REQUIREMENT => For this exercise, write out every entry exactly and leave the pictures out.
══ MATERIAL TO PROCESS ══
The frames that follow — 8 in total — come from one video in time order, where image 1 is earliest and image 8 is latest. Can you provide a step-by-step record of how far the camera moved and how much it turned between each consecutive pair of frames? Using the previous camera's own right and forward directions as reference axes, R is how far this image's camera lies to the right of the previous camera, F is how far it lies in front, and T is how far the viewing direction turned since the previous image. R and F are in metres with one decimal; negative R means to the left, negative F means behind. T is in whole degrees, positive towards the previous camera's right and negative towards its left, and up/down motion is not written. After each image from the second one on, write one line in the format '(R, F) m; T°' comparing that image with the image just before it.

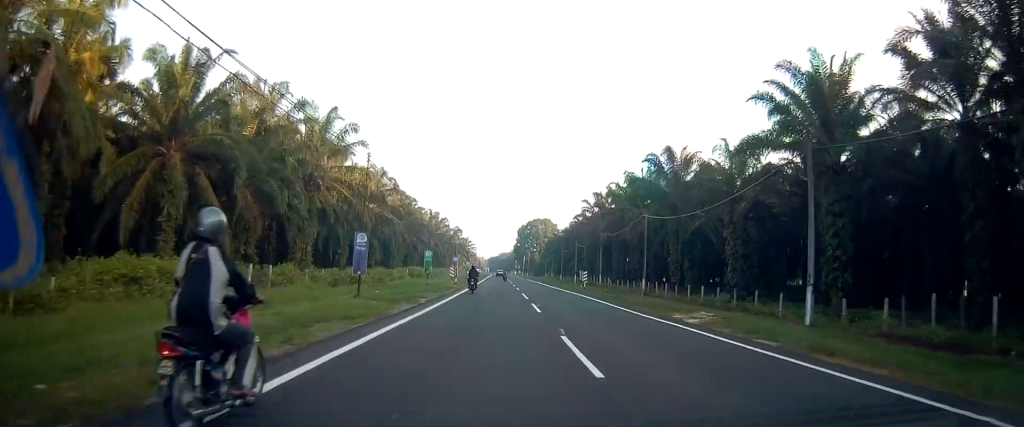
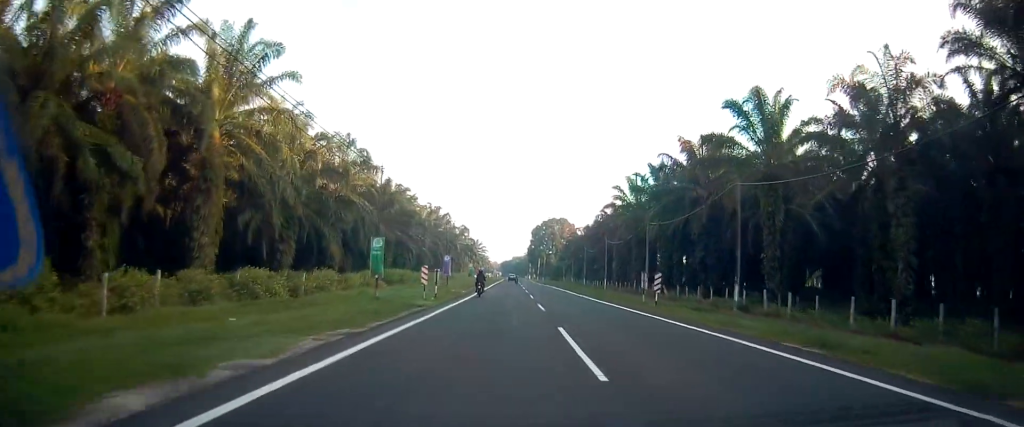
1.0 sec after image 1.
(-0.7, +21.2) m; 0°
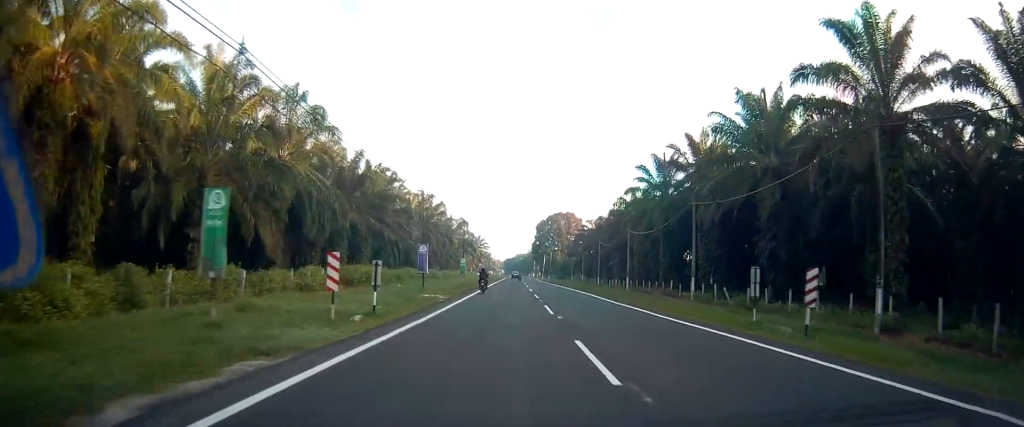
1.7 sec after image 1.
(+0.6, +14.9) m; 0°
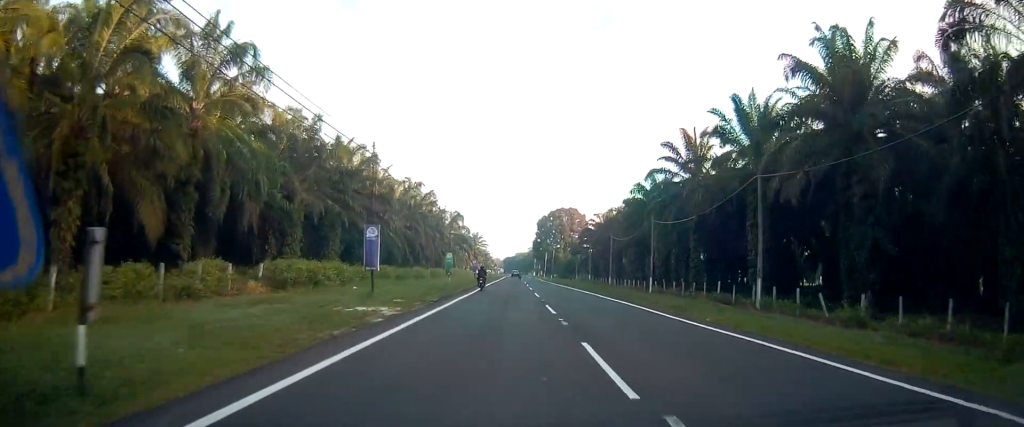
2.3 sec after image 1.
═══
RESPONSE AREA =>
The frames that follow — 8 in total — come from one video in time order, where image 1 is earliest and image 8 is latest. Can you provide a step-by-step record of how far the camera moved and how much it turned between each consecutive pair of frames? Using the previous camera's own right and forward directions as reference axes, R is how far this image's camera lies to the right of the previous camera, F is how far it lies in front, and T is how far the viewing direction turned since the previous image. R and F are in metres with one decimal; negative R means to the left, negative F means behind. T is in whole degrees, positive towards the previous camera's right and negative towards its left, and up/down motion is not written. After each image from the second one on, write one line in the format '(R, F) m; T°' comparing that image with the image just before it.

1.0 sec after image 1.
(-0.7, +21.2) m; 0°
1.7 sec after image 1.
(+0.6, +14.9) m; 0°
2.3 sec after image 1.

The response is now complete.